What caused this reversal of view? Simply put, data. In the past, studies of the hot hand have made the assumption that shot selection is independent of past performance. Prior analysts were probably doing so more out of convenience than true belief. Even if they thought it was more likely that players who played beyond their personal average would, with the confidence better performance brings, go for more difficult shots. It wouldn’t have been easy to get data to account for shot selection. Now with big data collection systems like SportsVU of STATS, Inc., these kinds of limitations have virtually disappeared.

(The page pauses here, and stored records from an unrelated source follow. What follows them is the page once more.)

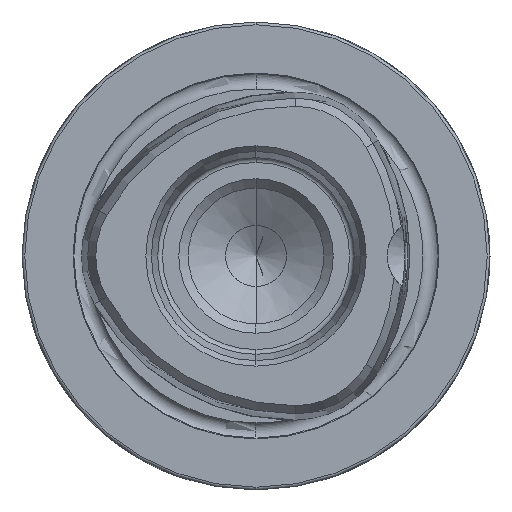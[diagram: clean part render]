
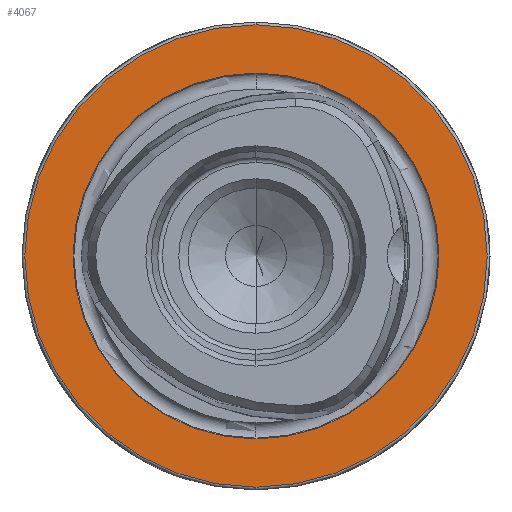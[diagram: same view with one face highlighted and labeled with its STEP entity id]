
A CAD part, left-side view. The second image highlights one B-rep face of the part: STEP entity #4067.
In plain terms, the highlighted planar face has unit normal (-1, 0, 0).
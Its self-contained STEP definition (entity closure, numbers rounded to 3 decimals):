
#75 = DIRECTION ( 'NONE',  ( -1., 0., 0. ) ) ;
#304 = CARTESIAN_POINT ( 'NONE',  ( 0., 0., 24.7 ) ) ;
#331 = DIRECTION ( 'NONE',  ( 1., 0., 0. ) ) ;
#513 = VERTEX_POINT ( 'NONE', #8638 ) ;
#1261 = AXIS2_PLACEMENT_3D ( 'NONE', #3014, #2255, #5911 ) ;
#1300 = AXIS2_PLACEMENT_3D ( 'NONE', #7456, #75, #5210 ) ;
#1579 = VERTEX_POINT ( 'NONE', #304 ) ;
#1609 = ORIENTED_EDGE ( 'NONE', *, *, #4908, .T. ) ;
#2010 = CARTESIAN_POINT ( 'NONE',  ( 0., 0., 0. ) ) ;
#2255 = DIRECTION ( 'NONE',  ( -1., 0., 0. ) ) ;
#2312 = ORIENTED_EDGE ( 'NONE', *, *, #3211, .F. ) ;
#2666 = DIRECTION ( 'NONE',  ( -1., 0., 0. ) ) ;
#2702 = ORIENTED_EDGE ( 'NONE', *, *, #9095, .T. ) ;
#2766 = ORIENTED_EDGE ( 'NONE', *, *, #8187, .F. ) ;
#2891 = VERTEX_POINT ( 'NONE', #2906 ) ;
#2906 = CARTESIAN_POINT ( 'NONE',  ( 0., 0., -24.7 ) ) ;
#3014 = CARTESIAN_POINT ( 'NONE',  ( 0., 0., 0. ) ) ;
#3211 = EDGE_CURVE ( 'NONE', #513, #4207, #3920, .T. ) ;
#3920 = CIRCLE ( 'NONE', #4809, 19.55 ) ;
#4067 = ADVANCED_FACE ( 'NONE', ( #9474, #7504 ), #8405, .F. ) ;
#4207 = VERTEX_POINT ( 'NONE', #6286 ) ;
#4563 = AXIS2_PLACEMENT_3D ( 'NONE', #8376, #331, #4612 ) ;
#4612 = DIRECTION ( 'NONE',  ( 0., 0., -1. ) ) ;
#4809 = AXIS2_PLACEMENT_3D ( 'NONE', #2010, #2666, #5648 ) ;
#4908 = EDGE_CURVE ( 'NONE', #1579, #2891, #5636, .T. ) ;
#5210 = DIRECTION ( 'NONE',  ( 0., 0., 1. ) ) ;
#5288 = CARTESIAN_POINT ( 'NONE',  ( 0., 0., 0. ) ) ;
#5636 = CIRCLE ( 'NONE', #1261, 24.7 ) ;
#5648 = DIRECTION ( 'NONE',  ( 0., 0., 1. ) ) ;
#5911 = DIRECTION ( 'NONE',  ( 0., 0., 1. ) ) ;
#6052 = AXIS2_PLACEMENT_3D ( 'NONE', #5288, #6642, #7387 ) ;
#6286 = CARTESIAN_POINT ( 'NONE',  ( 0., 0., -19.55 ) ) ;
#6547 = CIRCLE ( 'NONE', #1300, 19.55 ) ;
#6642 = DIRECTION ( 'NONE',  ( -1., 0., 0. ) ) ;
#7387 = DIRECTION ( 'NONE',  ( 0., 0., 1. ) ) ;
#7456 = CARTESIAN_POINT ( 'NONE',  ( 0., 0., 0. ) ) ;
#7504 = FACE_OUTER_BOUND ( 'NONE', #9555, .T. ) ;
#7900 = CIRCLE ( 'NONE', #6052, 24.7 ) ;
#8187 = EDGE_CURVE ( 'NONE', #4207, #513, #6547, .T. ) ;
#8376 = CARTESIAN_POINT ( 'NONE',  ( 0., 19.55, 0. ) ) ;
#8405 = PLANE ( 'NONE',  #4563 ) ;
#8638 = CARTESIAN_POINT ( 'NONE',  ( 0., 0., 19.55 ) ) ;
#9095 = EDGE_CURVE ( 'NONE', #2891, #1579, #7900, .T. ) ;
#9474 = FACE_BOUND ( 'NONE', #9537, .T. ) ;
#9537 = EDGE_LOOP ( 'NONE', ( #2312, #2766 ) ) ;
#9555 = EDGE_LOOP ( 'NONE', ( #1609, #2702 ) ) ;
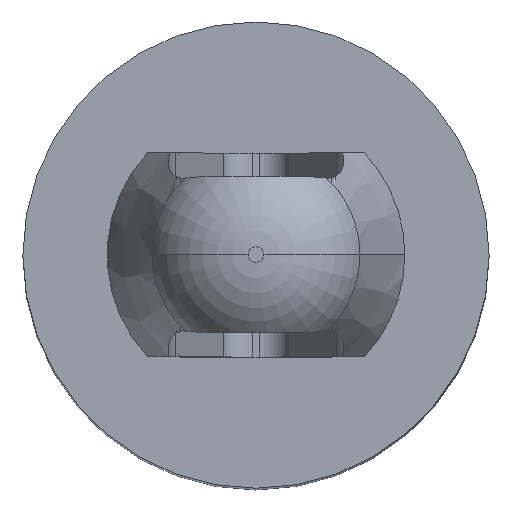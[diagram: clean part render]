
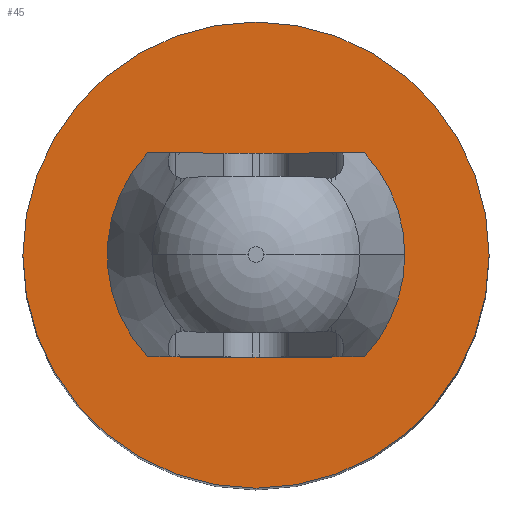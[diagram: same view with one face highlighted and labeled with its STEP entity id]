
A CAD part, top view. The second image highlights one B-rep face of the part: STEP entity #45.
In plain terms, the highlighted planar face has unit normal (0, 0, 1).
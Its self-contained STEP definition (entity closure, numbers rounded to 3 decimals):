
#1 = AXIS2_PLACEMENT_3D ( 'NONE', #110, #109, #108 ) ;
#2 = CIRCLE ( 'NONE', #1, 1.25 ) ;
#3 = DIRECTION ( 'NONE',  ( 1., 0., 0. ) ) ;
#4 = DIRECTION ( 'NONE',  ( 0., 0., 1. ) ) ;
#5 = CARTESIAN_POINT ( 'NONE',  ( 0., 0., 10. ) ) ;
#6 = AXIS2_PLACEMENT_3D ( 'NONE', #5, #4, #3 ) ;
#7 = PLANE ( 'NONE',  #6 ) ;
#8 = FACE_OUTER_BOUND ( 'NONE', #52, .T. ) ;
#9 = DIRECTION ( 'NONE',  ( 1., 0., 0. ) ) ;
#10 = DIRECTION ( 'NONE',  ( 0., 0., 1. ) ) ;
#11 = CARTESIAN_POINT ( 'NONE',  ( 0., 0., 10. ) ) ;
#12 = AXIS2_PLACEMENT_3D ( 'NONE', #11, #10, #9 ) ;
#13 = CIRCLE ( 'NONE', #12, 1.25 ) ;
#14 = FACE_BOUND ( 'NONE', #46, .T. ) ;
#43 = EDGE_CURVE ( 'NONE', #1317, #1369, #13, .T. ) ;
#45 = ADVANCED_FACE ( 'NONE', ( #14, #8 ), #7, .T. ) ;
#46 = EDGE_LOOP ( 'NONE', ( #47, #48, #49, #50, #138 ) ) ;
#47 = ORIENTED_EDGE ( 'NONE', *, *, #43, .F. ) ;
#48 = ORIENTED_EDGE ( 'NONE', *, *, #1314, .F. ) ;
#49 = ORIENTED_EDGE ( 'NONE', *, *, #1822, .F. ) ;
#50 = ORIENTED_EDGE ( 'NONE', *, *, #51, .F. ) ;
#51 = EDGE_CURVE ( 'NONE', #939, #1820, #2, .T. ) ;
#52 = EDGE_LOOP ( 'NONE', ( #139, #141 ) ) ;
#108 = DIRECTION ( 'NONE',  ( 1., 0., 0. ) ) ;
#109 = DIRECTION ( 'NONE',  ( 0., 0., 1. ) ) ;
#110 = CARTESIAN_POINT ( 'NONE',  ( 0., 0., 10. ) ) ;
#113 = DIRECTION ( 'NONE',  ( 1., 0., 0. ) ) ;
#114 = DIRECTION ( 'NONE',  ( 0., 0., 1. ) ) ;
#115 = CARTESIAN_POINT ( 'NONE',  ( 0., 0., 10. ) ) ;
#116 = AXIS2_PLACEMENT_3D ( 'NONE', #115, #114, #113 ) ;
#117 = CIRCLE ( 'NONE', #116, 2.3 ) ;
#138 = ORIENTED_EDGE ( 'NONE', *, *, #937, .F. ) ;
#139 = ORIENTED_EDGE ( 'NONE', *, *, #140, .T. ) ;
#140 = EDGE_CURVE ( 'NONE', #1680, #1679, #117, .T. ) ;
#141 = ORIENTED_EDGE ( 'NONE', *, *, #1678, .T. ) ;
#230 = CARTESIAN_POINT ( 'NONE',  ( 0.742, -1.006, 10. ) ) ;
#231 = DIRECTION ( 'NONE',  ( 1., 0., 0. ) ) ;
#232 = VECTOR ( 'NONE', #231, 1000. ) ;
#233 = CARTESIAN_POINT ( 'NONE',  ( 1.07, -1.006, 10. ) ) ;
#234 = LINE ( 'NONE', #233, #232 ) ;
#438 = CARTESIAN_POINT ( 'NONE',  ( -0.742, 1.006, 10. ) ) ;
#439 = DIRECTION ( 'NONE',  ( -1., 0., 0. ) ) ;
#440 = VECTOR ( 'NONE', #439, 1000. ) ;
#441 = CARTESIAN_POINT ( 'NONE',  ( 1.07, 1.006, 10. ) ) ;
#442 = LINE ( 'NONE', #441, #440 ) ;
#617 = CARTESIAN_POINT ( 'NONE',  ( -2.3, 0., 10. ) ) ;
#618 = CARTESIAN_POINT ( 'NONE',  ( 2.3, 0., 10. ) ) ;
#619 = DIRECTION ( 'NONE',  ( 1., 0., 0. ) ) ;
#620 = DIRECTION ( 'NONE',  ( 0., 0., 1. ) ) ;
#621 = CARTESIAN_POINT ( 'NONE',  ( 0., 0., 10. ) ) ;
#622 = AXIS2_PLACEMENT_3D ( 'NONE', #621, #620, #619 ) ;
#623 = CIRCLE ( 'NONE', #622, 2.3 ) ;
#679 = CARTESIAN_POINT ( 'NONE',  ( -0.742, -1.006, 10. ) ) ;
#937 = EDGE_CURVE ( 'NONE', #1369, #939, #234, .T. ) ;
#939 = VERTEX_POINT ( 'NONE', #230 ) ;
#1214 = CARTESIAN_POINT ( 'NONE',  ( 0.742, 1.006, 10. ) ) ;
#1216 = DIRECTION ( 'NONE',  ( 1., 0., 0. ) ) ;
#1218 = DIRECTION ( 'NONE',  ( 0., 0., 1. ) ) ;
#1220 = CARTESIAN_POINT ( 'NONE',  ( 0., 0., 10. ) ) ;
#1221 = AXIS2_PLACEMENT_3D ( 'NONE', #1220, #1218, #1216 ) ;
#1223 = CIRCLE ( 'NONE', #1221, 1.25 ) ;
#1229 = CARTESIAN_POINT ( 'NONE',  ( 1.25, 0., 10. ) ) ;
#1314 = EDGE_CURVE ( 'NONE', #1823, #1317, #442, .T. ) ;
#1317 = VERTEX_POINT ( 'NONE', #438 ) ;
#1369 = VERTEX_POINT ( 'NONE', #679 ) ;
#1678 = EDGE_CURVE ( 'NONE', #1679, #1680, #623, .T. ) ;
#1679 = VERTEX_POINT ( 'NONE', #618 ) ;
#1680 = VERTEX_POINT ( 'NONE', #617 ) ;
#1820 = VERTEX_POINT ( 'NONE', #1229 ) ;
#1822 = EDGE_CURVE ( 'NONE', #1820, #1823, #1223, .T. ) ;
#1823 = VERTEX_POINT ( 'NONE', #1214 ) ;

Using the SportsVU database of NBA shots, Bocskocksky and colleagues had precise details (shooter, position on court, time of shot, etc.) about each shot made in the 2012-2013 season at their fingertips. With the additional information about shot characteristics, they were able to demonstrate that players who are performing well do in fact take more difficult shots on average, suggesting that previous analyses have failed to detect a hot hand effect because they have assumed that performance has no influence on shot selection.

In a recent episode of the Slate sports podcast Hang Up and Listen, the panel of sports writers wondered whether the Bocskocksky paper raises doubt about the value of statistical thinking. Players and fans have intuitively believed in the hot hand for years but statisticians are only now catching on. While I believe the Bocskocksky paper is more a demonstration of the importance of quantitative analysis than not, the discussion of the Hang Up and Listen crew does raise an important point about an inherent dilemma of statistical analysis, which is that analyses are made under a set of simplifying assumptions.

But it would be unfair to blame the statistical approach for oversimplified assumptions due to insufficient data just as it would be unfair to blame doctors for treating patients before a cure has been found. The real value of the statistical framework isn’t that it always gets it right. But that by being transparent and explicit about its assumptions, it is (unlike intuition) at least open to revision.